According to A.V. Issatschenko’s thought experiment, the results of which were presented by him at the international Slavic Congress in 1958, the concept of Moscow as the third Rome was nearly impossible in the almost democratic Novgorod Republic. In such a way, if Novgorod instead of Moscow had become the center of power, the history of Russia would have taken a different direction. As a result, Russia would never have isolated itself from the rest of Europe, and such ideological tendencies as renaissance and humanism would have influenced the development of the country at the same time as they influenced the rest of the European countries (Nuorluoto 2012, 51). Thus, according to this narrative, if the Novgorod Republic had taken Moscow’s place in Russian history, the outcome would be different from contemporary Russia. Authoritarianism, backwardness, and imperialism would be inorganic to this model of Russia’s alternative present.
In this way, the Novgorod Republic becomes, in this narrative, not just a pure and real Rus’, but even the embryo of an alternative model of Russia, an embryo that was destroyed by authoritarian Moscow in 1478. Seen in this light, the usage of the Novgorod Republic’s narrative (or mythologeme) can be seen as an attempt to return to this point of origin after which the history of Russia took the wrong path, excluding the country from Pan-European development and transforming it from an integrated part of Europe into its antipode.
The three main Russians narratives
In such a way this narrative is quite different from the other three main narratives used alternately or simultaneously in Russian historiography and political discourse. Those three narratives are “Moscow as the third Rome,” “Russia as heir of the Genghis Khan,” and “Russia as the true Europe.”
The first narrative appeals to Russia’s Byzantine heritage and in such a way connects modern Russia with not just a Byzantine but even with the Roman empire. This theological and political concept has resulted in an adoption and application of messianic and eschatological mindsets, both to the Russian state and the Russian ruler. Bodin (1987:22) points out that the state culture of Byzantium perceived the emperor as an icon which personified not only the imperial title as such, but Christ as well. This perception contributes to the ritualization of power. In such a way, applying Russia together with other ideas belonging to the Byzantium heritage, this tradition has survived until today. It has survived not only the collapse of the Russian empire, but also communism, and the collapse of the Soviet Union. This perception of power is the steel shaping the political discourse on contemporary Russia.

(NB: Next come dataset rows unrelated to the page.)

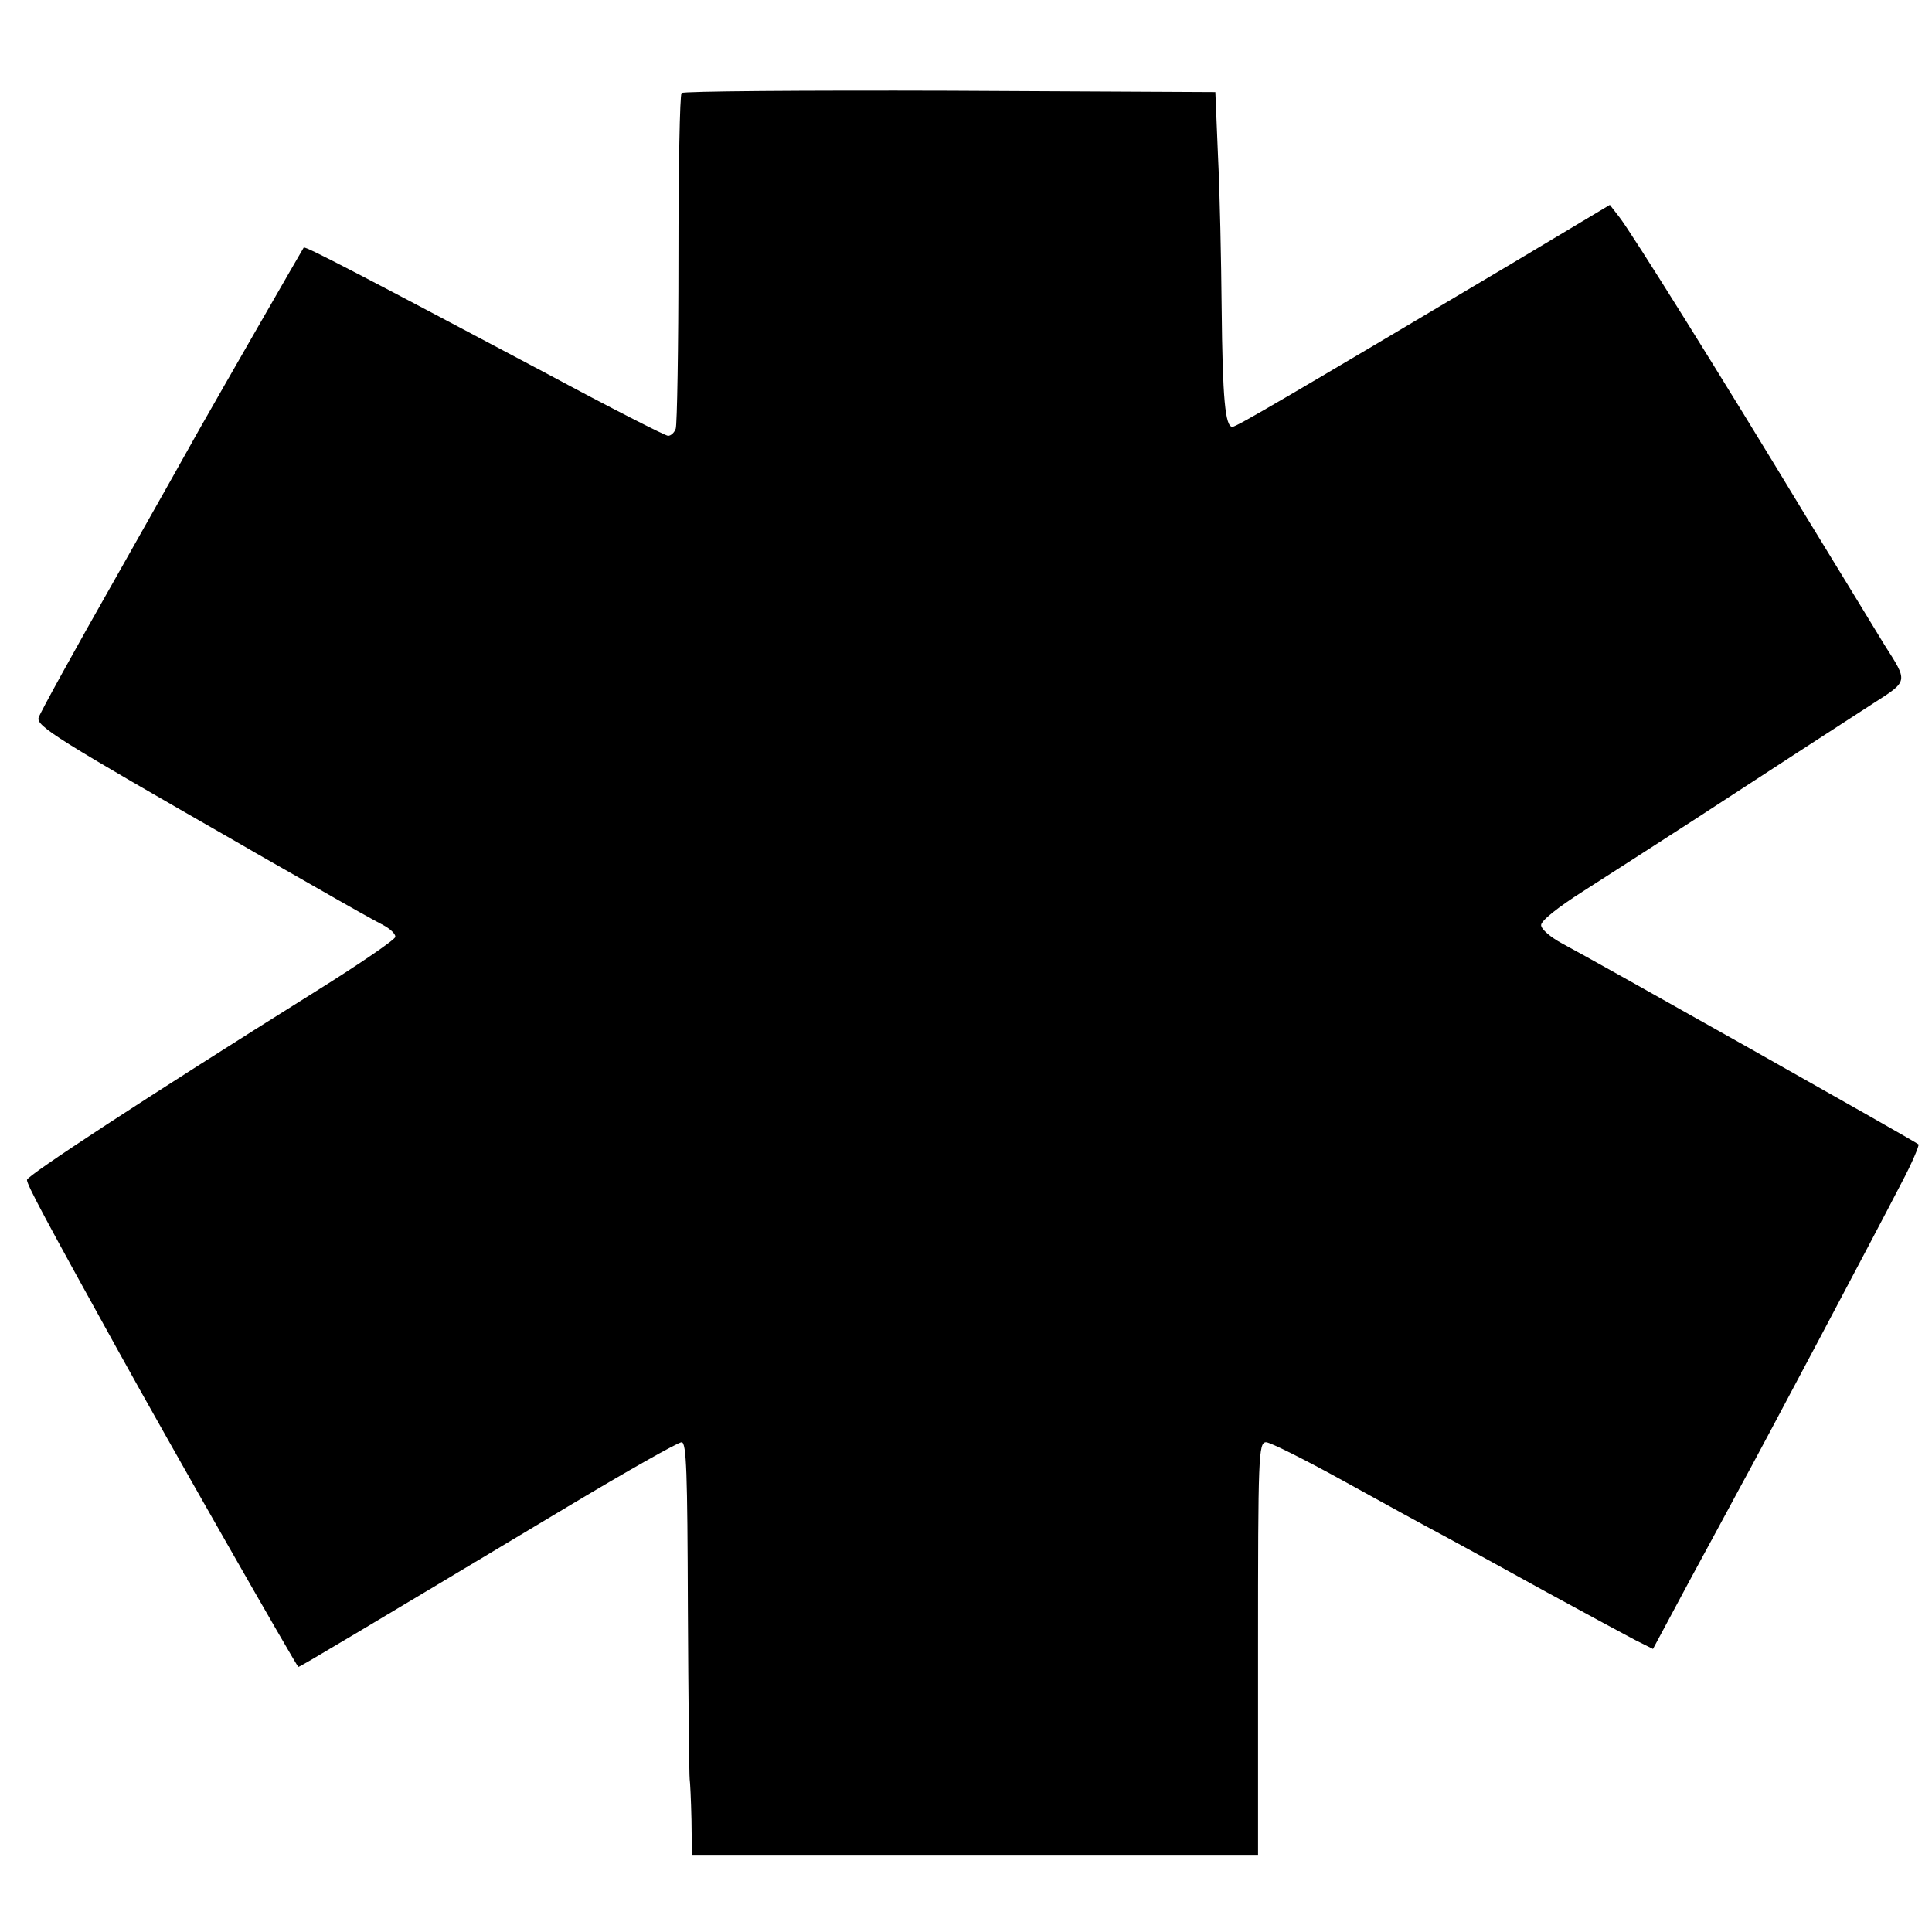 <?xml version="1.0" standalone="no"?>
<!DOCTYPE svg PUBLIC "-//W3C//DTD SVG 20010904//EN"
 "http://www.w3.org/TR/2001/REC-SVG-20010904/DTD/svg10.dtd">
<svg version="1.0" xmlns="http://www.w3.org/2000/svg"
 width="430pt" height="430pt" viewBox="0 0 430 430"
 preserveAspectRatio="xMidYMid meet">
<g transform="translate(0,430) scale(0.1,-0.1)"
fill="#000000" stroke="none">
<path d="M1517 4093 c-4 -3 -7 -169 -7 -369 0 -199 -3 -369 -6 -378 -3 -9 -11
-16 -17 -16 -6 0 -128 62 -271 139 -409 217 -537 284 -540 280 -4 -6 -185
-321 -232 -404 -12 -22 -96 -171 -187 -332 -91 -160 -168 -300 -171 -310 -6
-19 41 -48 453 -284 25 -15 100 -57 166 -95 66 -38 132 -75 148 -83 15 -8 27
-19 27 -26 0 -6 -79 -60 -175 -120 -388 -243 -644 -411 -645 -421 0 -11 40
-86 205 -384 106 -192 396 -700 399 -700 4 0 141 82 600 357 132 79 245 143
253 143 11 0 13 -67 14 -370 1 -203 3 -374 4 -380 1 -5 3 -46 4 -90 l1 -80
630 0 630 0 0 460 c0 431 1 460 18 460 9 0 87 -39 172 -86 85 -47 187 -103
225 -123 39 -21 141 -77 228 -125 86 -47 175 -95 196 -106 l40 -20 82 153 c45
83 96 177 112 207 40 72 305 572 359 677 24 45 40 84 38 86 -6 6 -730 414
-793 447 -26 14 -47 32 -47 41 0 10 38 40 93 75 50 32 162 104 247 159 181
118 304 198 400 260 78 50 77 47 24 130 -17 28 -95 156 -174 285 -188 311
-390 634 -416 667 l-21 27 -219 -131 c-503 -299 -612 -363 -621 -363 -16 0
-22 61 -24 265 -1 105 -4 255 -8 335 l-6 145 -591 3 c-325 1 -594 -1 -597 -5z"/>
</g>
</svg>

The second narrative describes Russia as heir of the Genghis Khan and depicts it as a multi-ethnic and multi-confessional power existing on nearly the same borders as the Mongol Empire. According to this tradition, Russia appears as some kind of super-ethnos, or as some kind of Eurasian civilization quite different from both the European and Chinese super-ethnos. If sacralizing power is the main point of the first mentioned narrative, sacralizing territory should be seen as a point of the second one. It is really interesting to note that this narrative is used even by Ukrainians when they talk about contemporary Russia. The Russian military forces are named in Ukrainian media as a “horde,” and the ongoing war in Ukraine has already been characterized (for example by the Russian opposition politician Леонид Гозман / Leonid Gozman) as “the last battle between Kievan Rus’ and Golden Horde” (Дом 2022).

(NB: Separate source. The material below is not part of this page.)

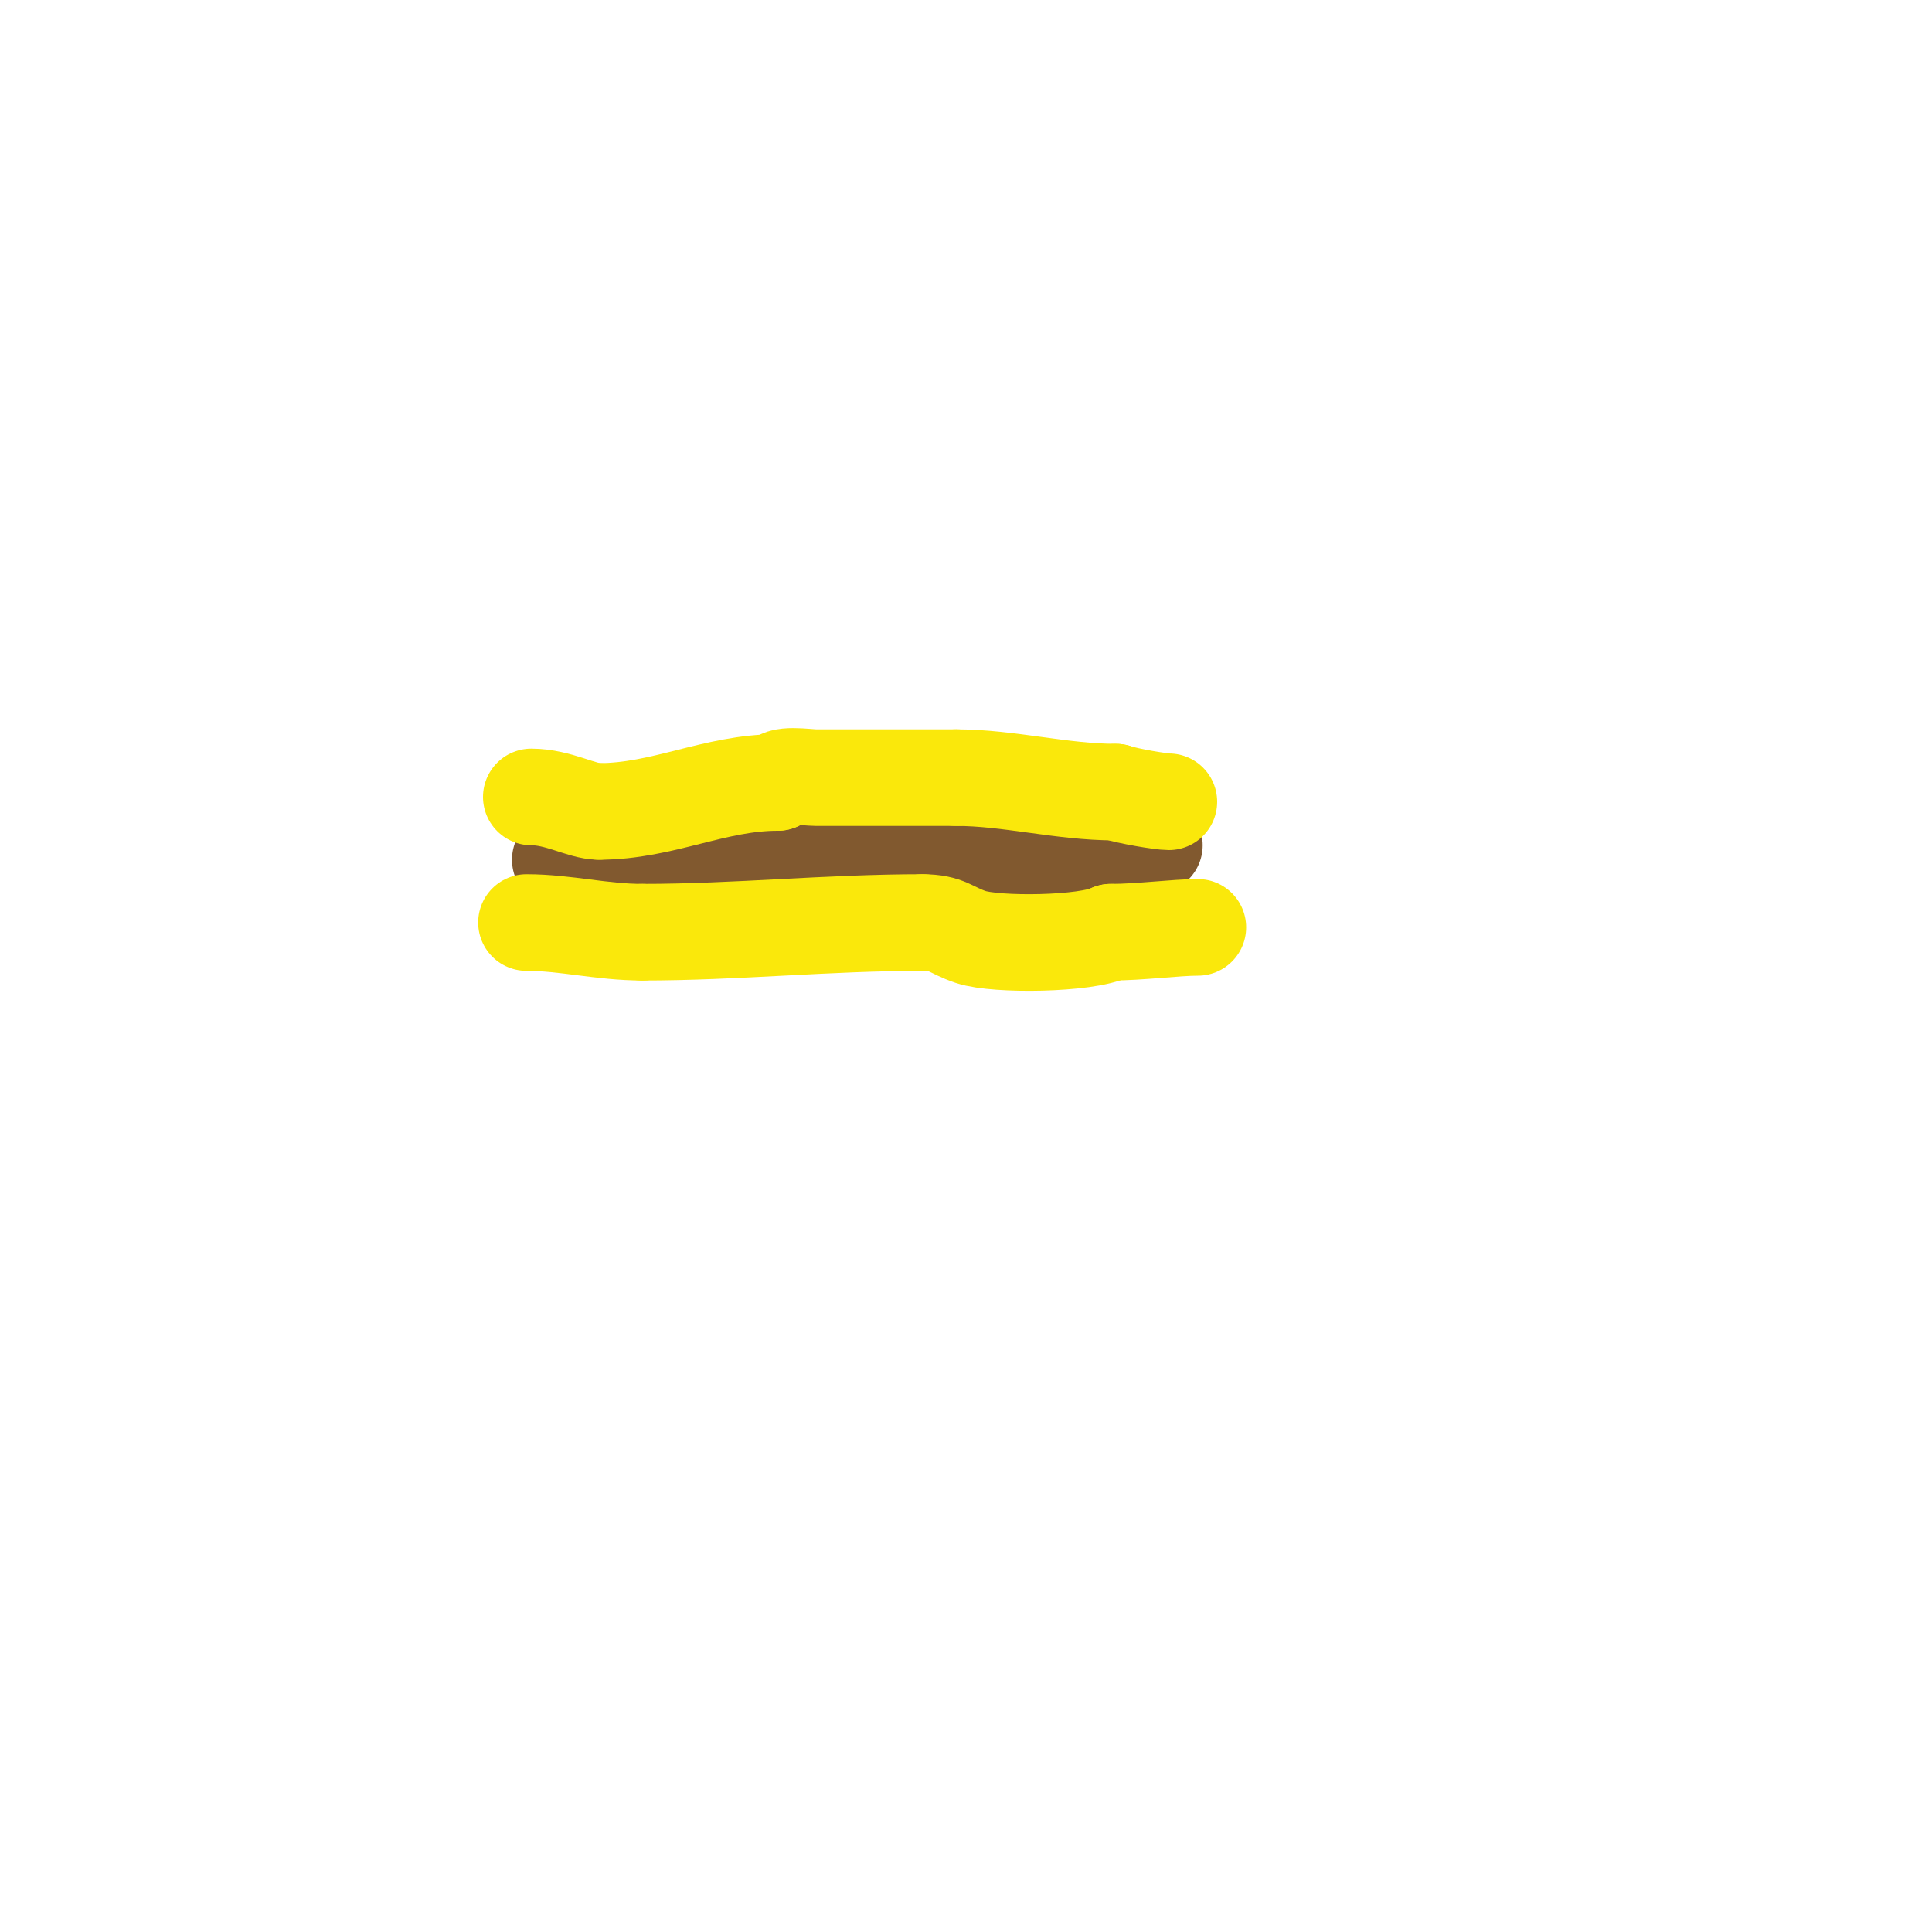 <svg viewBox='0 0 400 400' version='1.1' xmlns='http://www.w3.org/2000/svg' xmlns:xlink='http://www.w3.org/1999/xlink'><g fill='none' stroke='#81592f' stroke-width='20' stroke-linecap='round' stroke-linejoin='round'><path d='M116,178c12.667,0 25.333,0 38,0'/><path d='M154,178c14.667,0 29.333,0 44,0'/><path d='M198,178c12.537,0 24.39,-2 37,-2'/><path d='M235,176c0,-1.725 2.505,-1 4,-1'/></g>
<g fill='none' stroke='#fae80b' stroke-width='20' stroke-linecap='round' stroke-linejoin='round'><path d='M110,165c5.623,0 10.452,3 14,3'/><path d='M124,168c13.234,0 23.944,-6 37,-6'/><path d='M161,162c0,-2.024 6.021,-1 8,-1c9.667,0 19.333,0 29,0'/><path d='M198,161c10.84,0 21.774,3 33,3'/><path d='M231,164c2.558,0.853 9.428,2 11,2'/><path d='M109,191c8.089,0 15.589,2 24,2'/><path d='M133,193c19.509,0 38.293,-2 58,-2'/><path d='M191,191c5.15,0 5.799,1.6 10,3c5.265,1.755 23.962,1.519 29,-1'/><path d='M230,193c6.025,0 13.446,-1 18,-1'/></g>
</svg>

The last narrative refers to Peter the Great and his attempt to modernize and Europeanize the country. Russia, as a diligent student, became in the short term a part of Europe and even more – Russia became the true and pure Europe. According to this narrative, Russia became the only country that saves true European values, while the rest of Europe is in the process of losing them. Seen in this light, Russia is depicted as the only state with the power to resist the moral decay that afflicts the Old World, and in such a way even as a country that can protect the rest of it from degradation. This concept is quite near the concept of Katechon (from Greek: ”ὁ κατέχων” – ”the one who withholds”), which paradoxically enough is used as an ideological basis for a new wave of militarization and anti-Western sentiment.
All narratives mentioned above have been relevant in the ideological vacuum that arose after the collapse of the Soviet Union. The first years after its breakup did not result in the birth of a new liberal ideology. Instead, an ideology-less society was proclaimed. This, in combination with a longing for some kind of meaningfulness and disgust for the shocking attempt to liberalize the Russian economy, paved the way for old narratives, which in turn were adapted to the post-Soviet reality.
The Symbol of the new Russia?
In the current situation, like in the beginning of the 1990s, it seems that the last years’ development of the country led Russia in the wrong direction, it became necessary to find both a new ideology and a point of origin to return to, which could repair the dramatic present in Russia. This alternative ideology also requires new symbols. It is not possible to foresee what the ideology and symbols should be like in the future. But, however, created (i.a.) by transgender Kaj Katonina, used by Russian emigrants on anti-war protest actions and by formed Russian soldiers fighting on the Ukrainian side, the white-blue-white flag stands for something completely different than what the official and non-official symbols used by the Russian government stand for. The same can be said also about the narrative lying behind this symbol. It seems to be that this narrative can be a perfect historiographic basis for a new liberal ideology which can be adopted in Russia, and which can make rivalry to the three imperial narratives widespread in the contemporary political discourse.
References
Bodin, Per-Arne: Världen som ikon, ARTOS, 1987.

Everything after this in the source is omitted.